Durante una larga evolución natural, las emociones cambiaron el cerebro de los mamíferos más avanzados, un privilegio que es más evidente en nosotros, los humanos. Estos cambios evolutivos han estado presentes por más de 200 millones de años, y se han perpetuado en una poderosa influencia que sigue viva en nuestra actual especie. Gradualmente, luego de muchas decenas de millones de años, durante los dos últimos siglos, (el XIX y el XX) comenzó a desarrollarse y destacarse la tendencia a hablar de una forma de conducta que se le ha conocido, sencillamente, como “inteligencia” (humana). Pero más recientemente, a partir del último tercio del siglo XX, ha aparecido y se ha fortalecido el uso de un nuevo término que destaca cualidades destacada de la inteligencia humana: es el caso de la llamada Inteligencia Emocional…

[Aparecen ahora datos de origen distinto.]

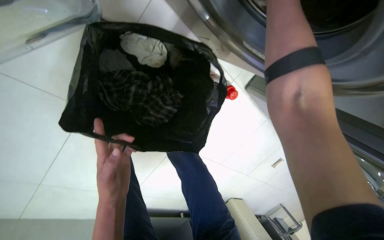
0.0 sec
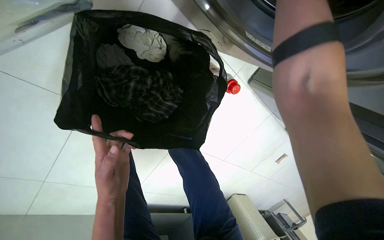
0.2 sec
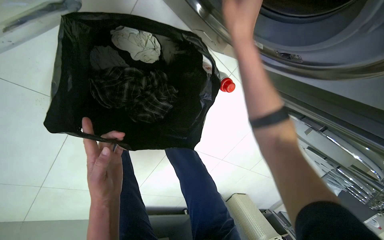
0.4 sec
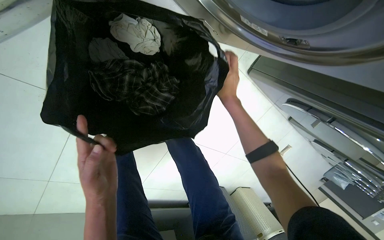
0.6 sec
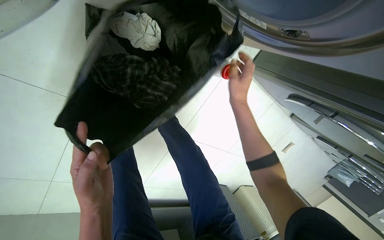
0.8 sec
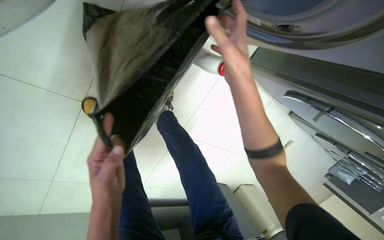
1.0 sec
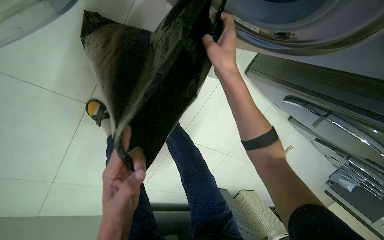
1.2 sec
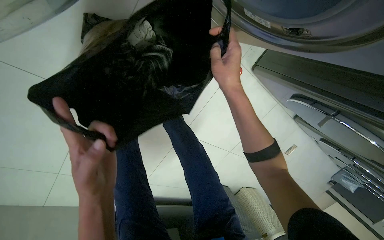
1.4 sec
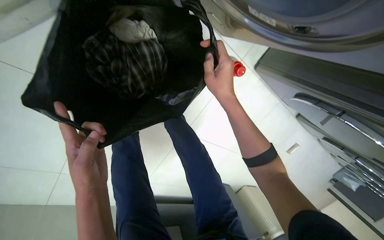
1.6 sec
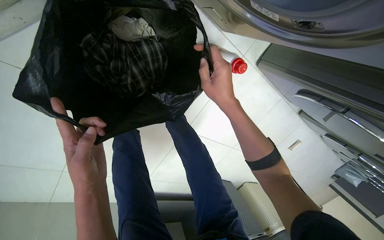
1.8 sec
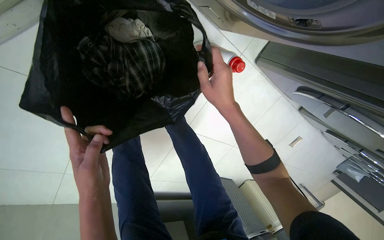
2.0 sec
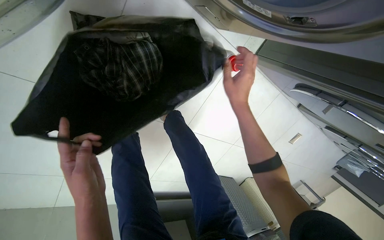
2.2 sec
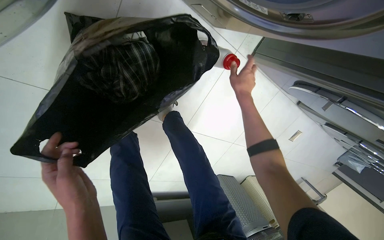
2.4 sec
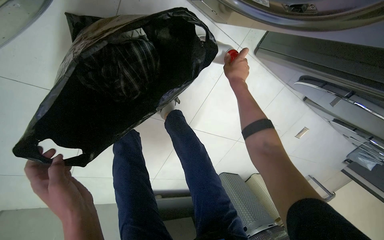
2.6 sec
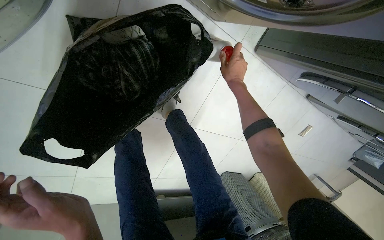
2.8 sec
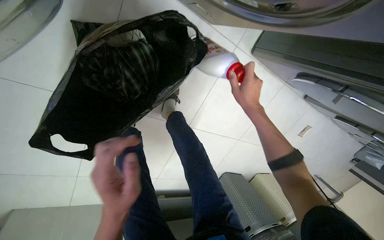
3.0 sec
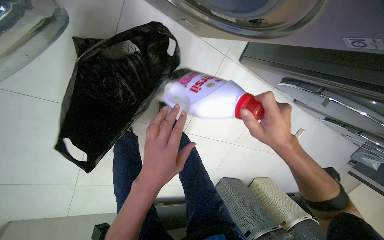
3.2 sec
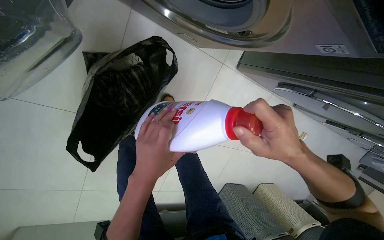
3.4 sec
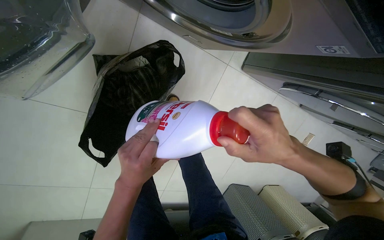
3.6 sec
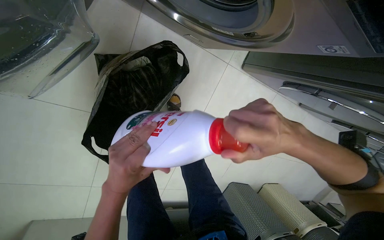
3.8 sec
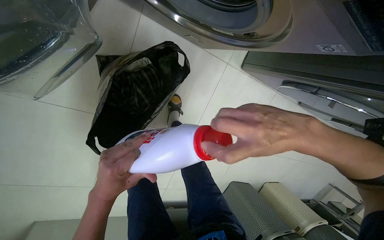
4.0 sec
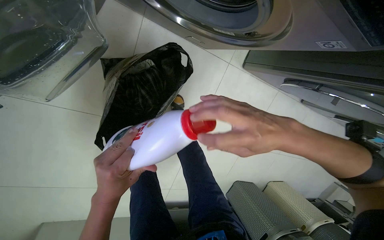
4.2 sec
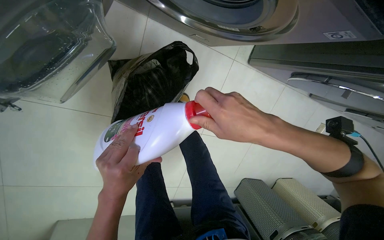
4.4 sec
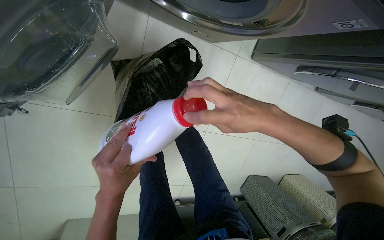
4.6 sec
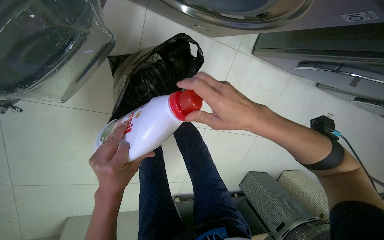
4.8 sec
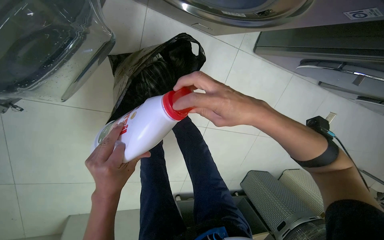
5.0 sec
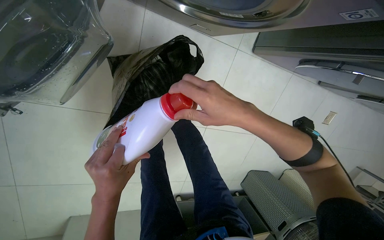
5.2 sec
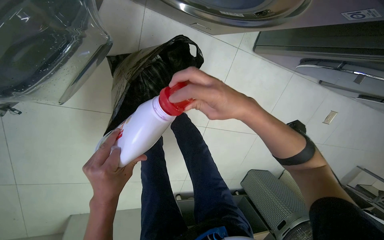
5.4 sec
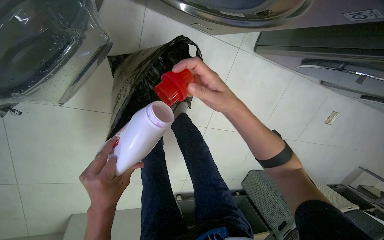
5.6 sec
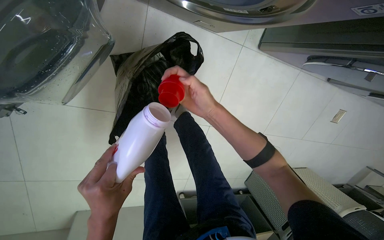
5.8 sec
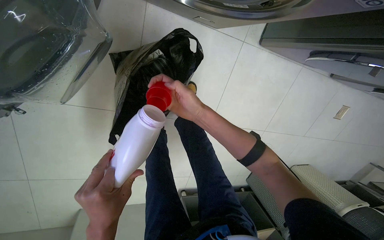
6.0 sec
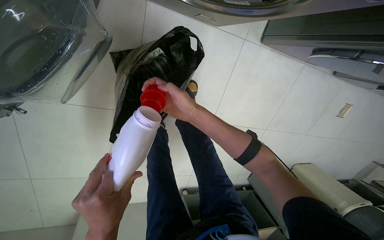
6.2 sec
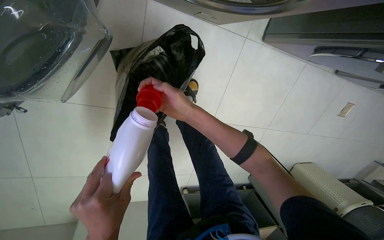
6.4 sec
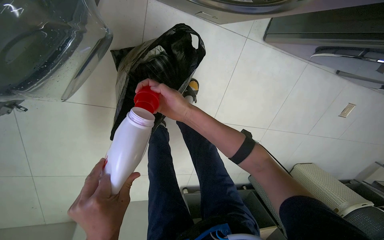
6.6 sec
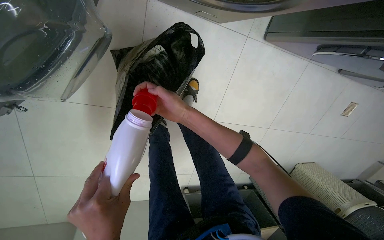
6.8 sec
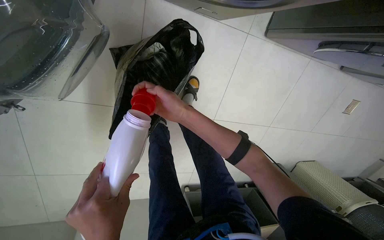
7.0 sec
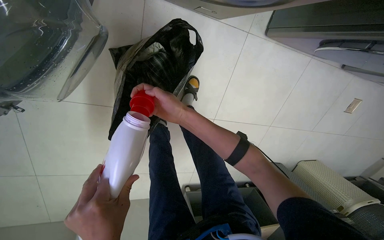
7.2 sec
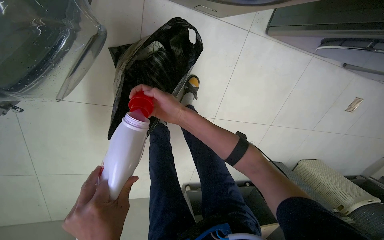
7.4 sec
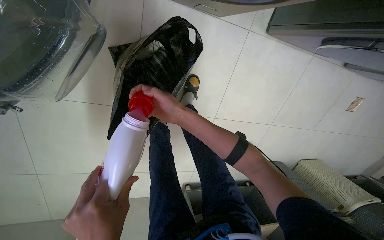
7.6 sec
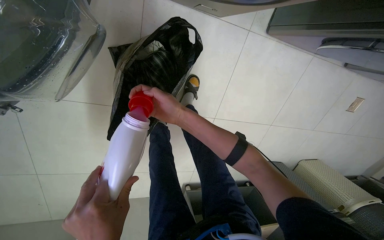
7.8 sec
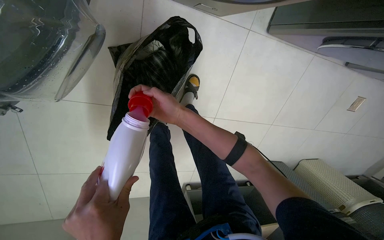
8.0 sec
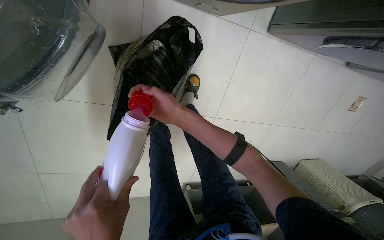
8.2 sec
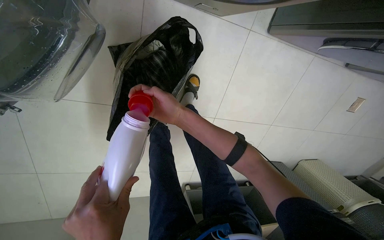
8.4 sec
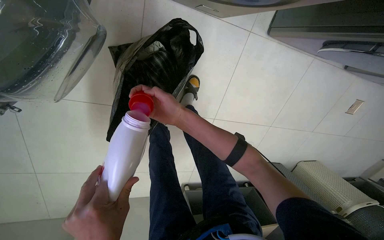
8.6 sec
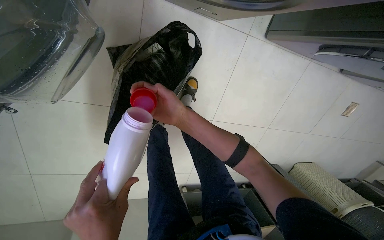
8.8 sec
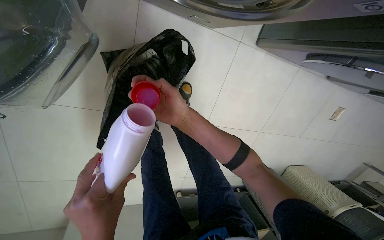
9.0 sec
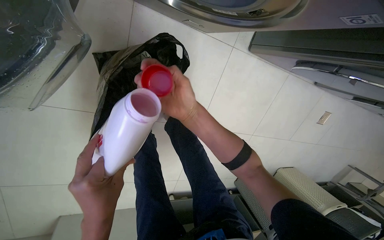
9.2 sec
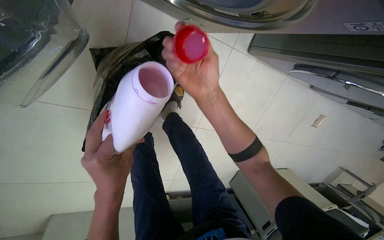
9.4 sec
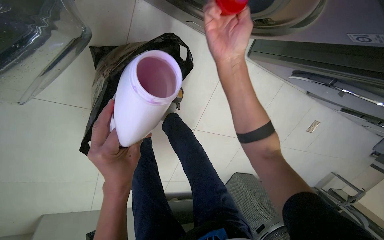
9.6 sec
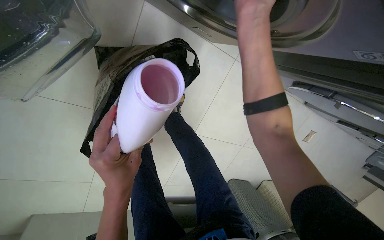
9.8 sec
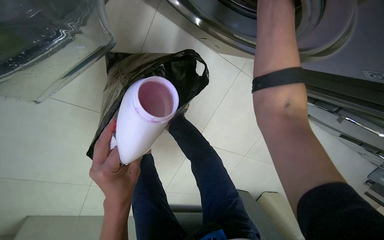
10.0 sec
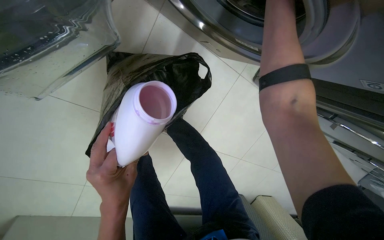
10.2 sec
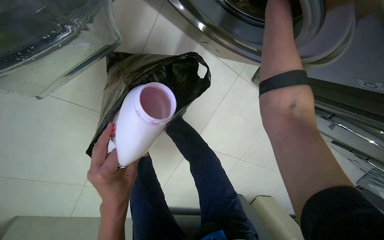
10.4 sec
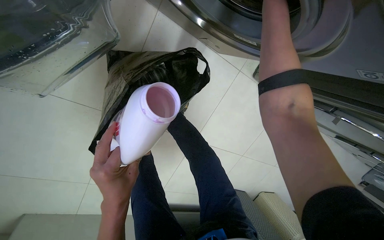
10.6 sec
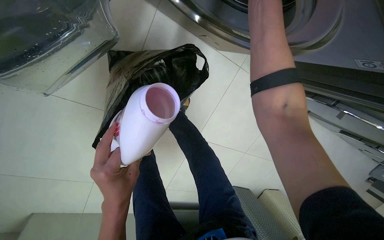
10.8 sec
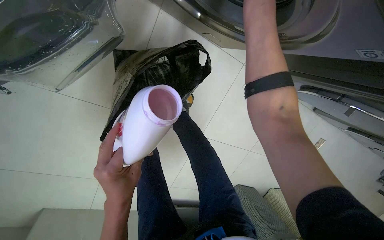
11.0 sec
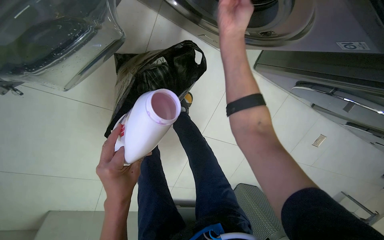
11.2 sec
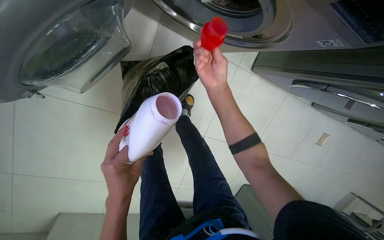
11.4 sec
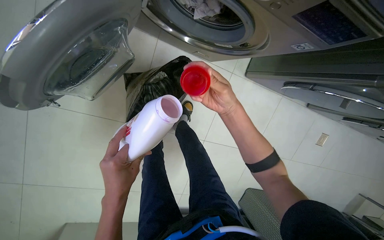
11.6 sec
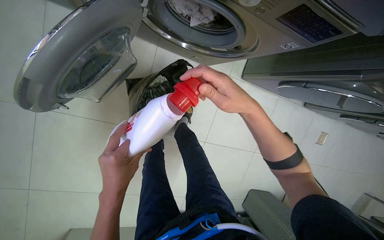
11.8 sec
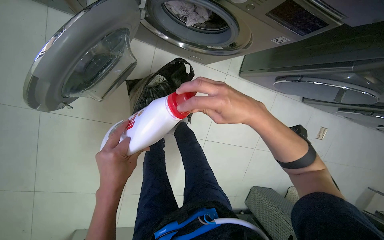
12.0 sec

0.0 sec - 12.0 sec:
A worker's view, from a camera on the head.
Job: managing laundry.
The whole recording: Loading and starting washing machine. The worker loads clothes and detergent into the washing machine, selects a program, and stores the detergent.
0.0 sec - 1.6 sec: The right hand goes some 30 cm down the picture.
1.6 sec - 3.0 sec: The right hand moves to the right and farther from the camera, approximately 15 cm.
3.0 sec - 4.4 sec: The right hand travels nearer to the camera by roughly 30 cm.
4.4 sec - 6.0 sec: The right hand moves farther from the camera and to the left, roughly 20 cm.
9.0 sec - 10.4 sec: The right hand moves up the picture and to the right, approximately 40 cm.
10.4 sec - 12.0 sec: The right hand shifts about 50 cm down the picture and nearer to the camera.

¿Y qué es eso, así tan pomposamente denominado? La expresión “inteligencia emocional” se escucha con facilidad en el léxico actual de la gente corriente, igual que en intelectuales, y en profesionales de la conducta, en gente de ambientes y situaciones diferentes. Pero no todos se refieren a lo mismo cuando sacan a relucir el término “inteligencia emocional”. Para algunos la inteligencia emocional aparece como si fuese una inteligencia más avanzada, y más eficiente que la por años ha sido conocida como “inteligencia analítica”, esa corriente que ha sido medida con cifras numéricas a través de los “test de inteligencia”.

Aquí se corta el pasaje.